▶ [Given data]
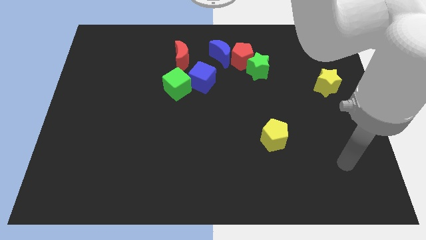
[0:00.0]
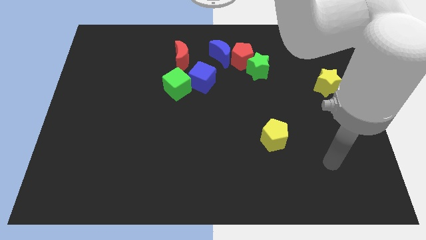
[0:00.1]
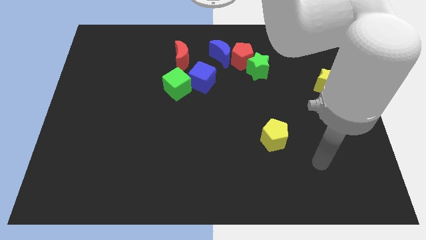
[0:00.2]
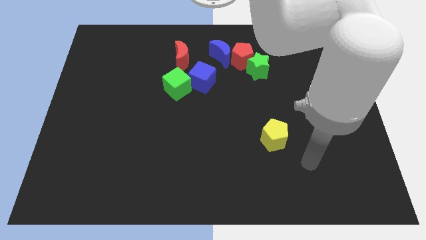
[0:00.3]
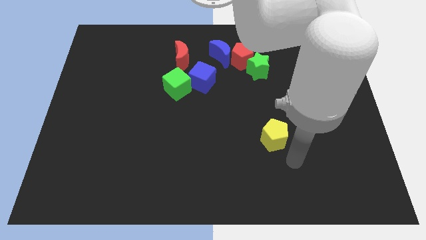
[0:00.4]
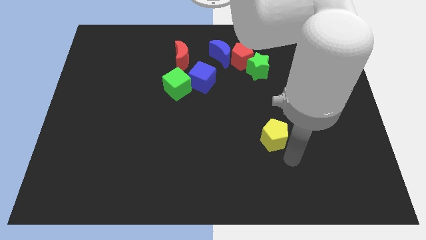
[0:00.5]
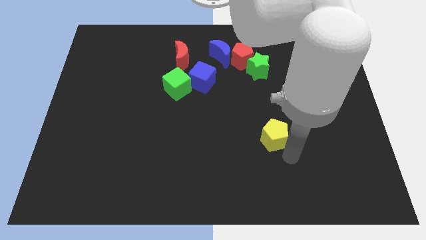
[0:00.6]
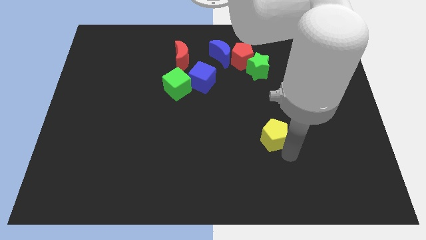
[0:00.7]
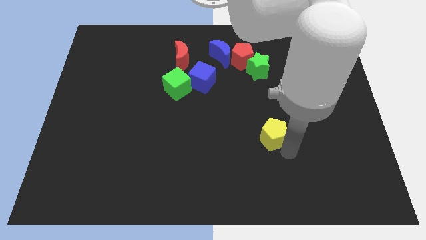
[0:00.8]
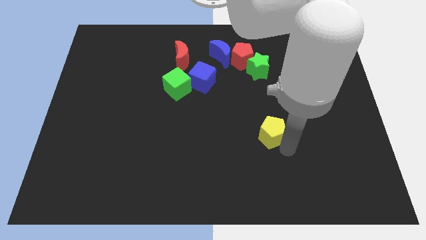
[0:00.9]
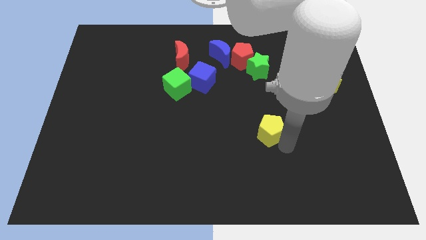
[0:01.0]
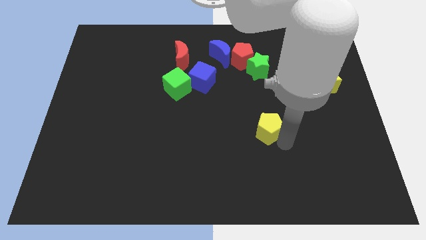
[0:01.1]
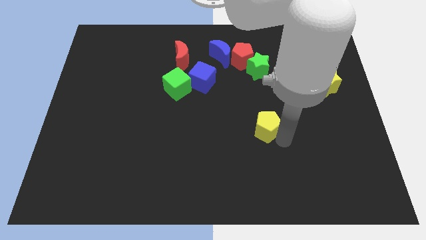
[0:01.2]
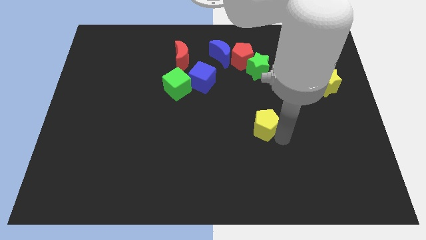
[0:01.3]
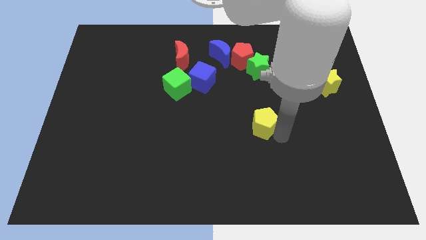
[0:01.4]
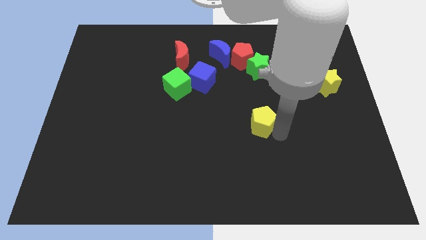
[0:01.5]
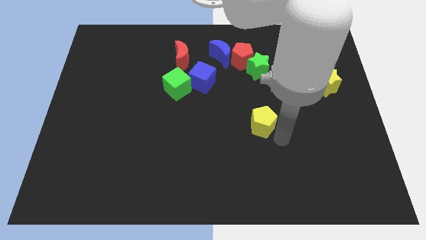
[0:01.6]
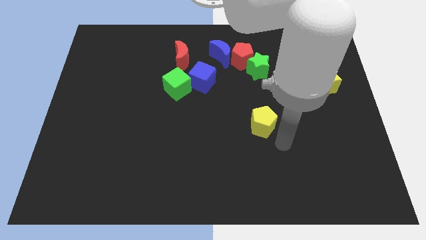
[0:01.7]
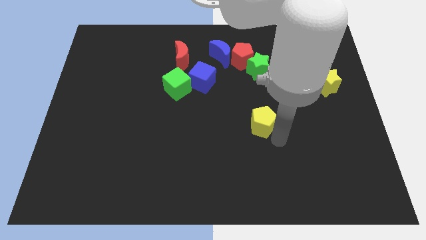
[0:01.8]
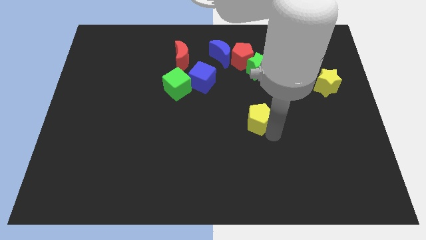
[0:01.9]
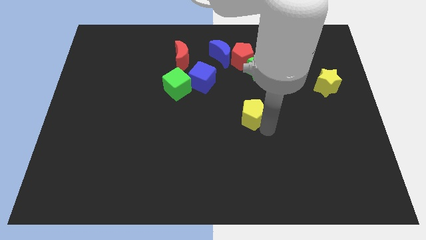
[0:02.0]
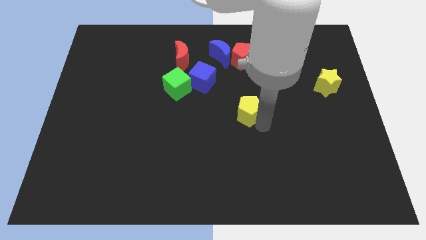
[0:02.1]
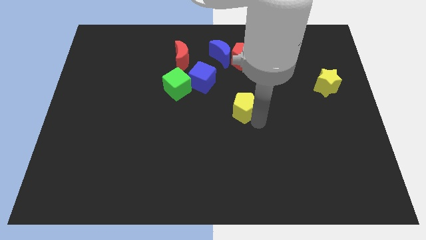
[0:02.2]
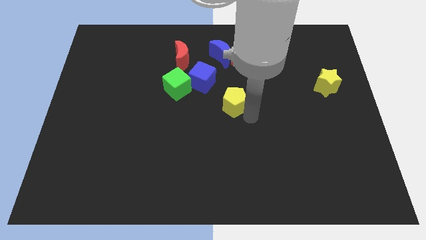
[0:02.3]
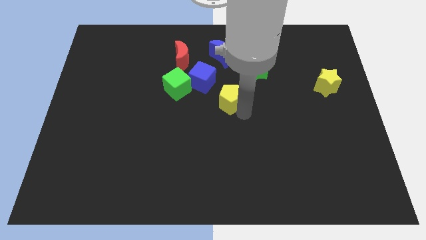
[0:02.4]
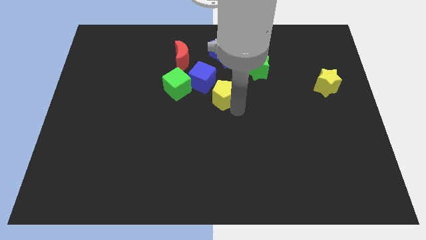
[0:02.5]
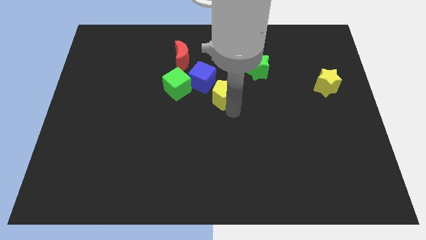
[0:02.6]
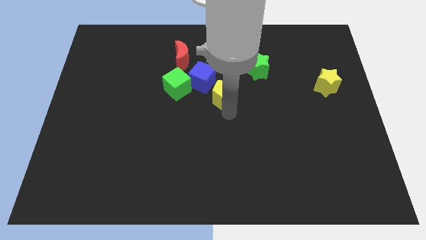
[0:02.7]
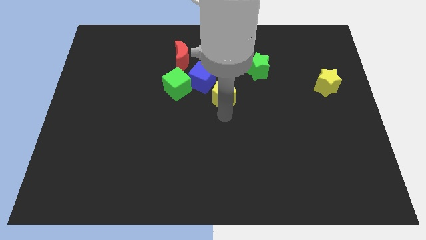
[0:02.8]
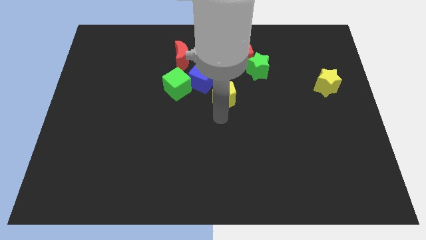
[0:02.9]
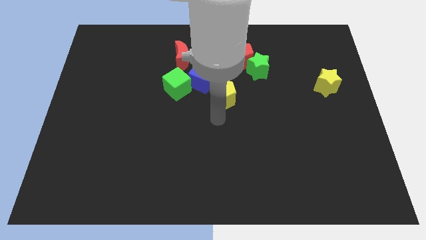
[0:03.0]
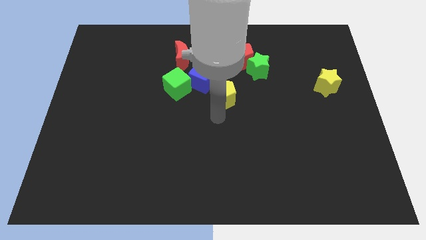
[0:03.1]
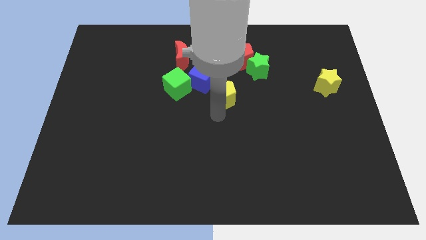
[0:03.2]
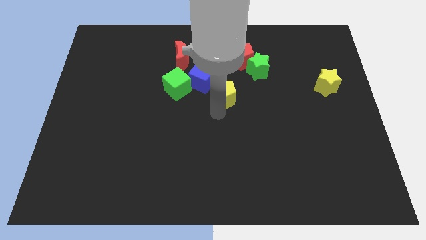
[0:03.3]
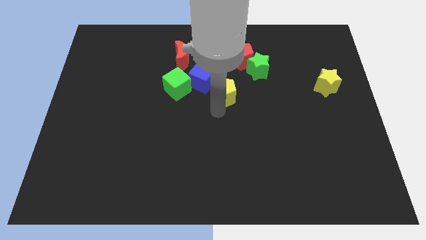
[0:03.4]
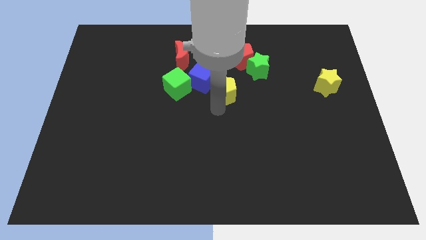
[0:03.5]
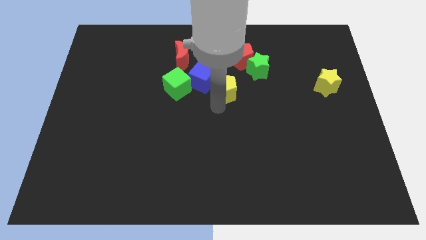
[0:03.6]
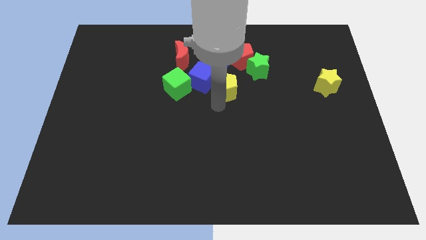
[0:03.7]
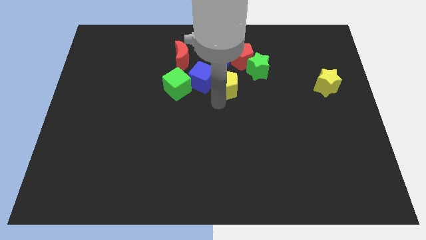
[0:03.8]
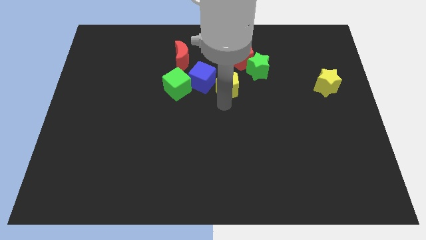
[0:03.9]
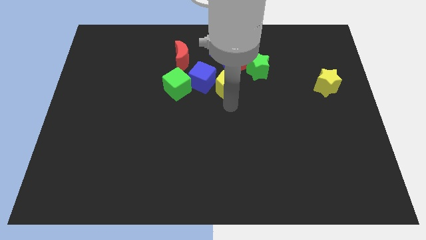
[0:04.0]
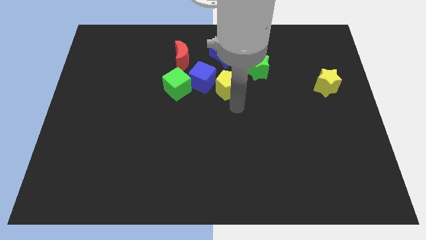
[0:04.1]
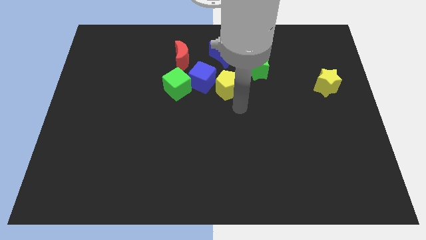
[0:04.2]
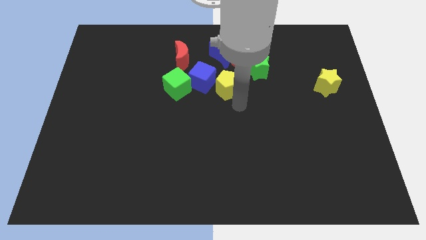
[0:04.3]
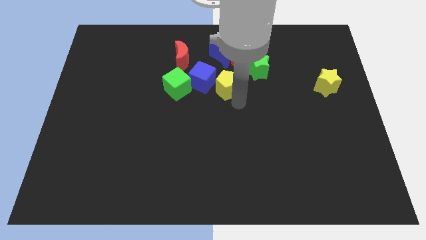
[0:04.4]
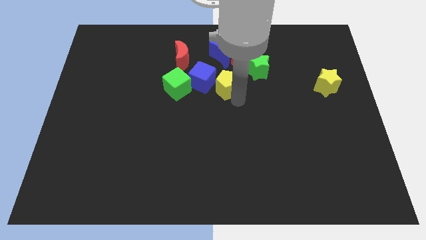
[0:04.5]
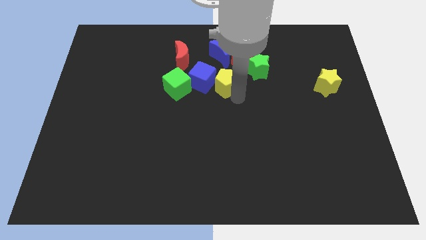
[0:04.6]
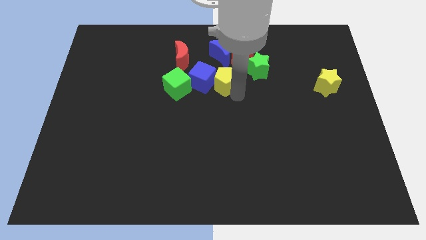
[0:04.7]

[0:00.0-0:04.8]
push the yellow pentagon to the left side of the green star

▶ [Work item]
When you retype the material above, copy each line exactly and drop whatever images appear in it.

▶ [Answer section]
[0:00.0]
[0:00.1]
[0:00.2]
[0:00.3]
[0:00.4]
[0:00.5]
[0:00.6]
[0:00.7]
[0:00.8]
[0:00.9]
[0:01.0]
[0:01.1]
[0:01.2]
[0:01.3]
[0:01.4]
[0:01.5]
[0:01.6]
[0:01.7]
[0:01.8]
[0:01.9]
[0:02.0]
[0:02.1]
[0:02.2]
[0:02.3]
[0:02.4]
[0:02.5]
[0:02.6]
[0:02.7]
[0:02.8]
[0:02.9]
[0:03.0]
[0:03.1]
[0:03.2]
[0:03.3]
[0:03.4]
[0:03.5]
[0:03.6]
[0:03.7]
[0:03.8]
[0:03.9]
[0:04.0]
[0:04.1]
[0:04.2]
[0:04.3]
[0:04.4]
[0:04.5]
[0:04.6]
[0:04.7]

[0:00.0-0:04.8]
push the yellow pentagon to the left side of the green star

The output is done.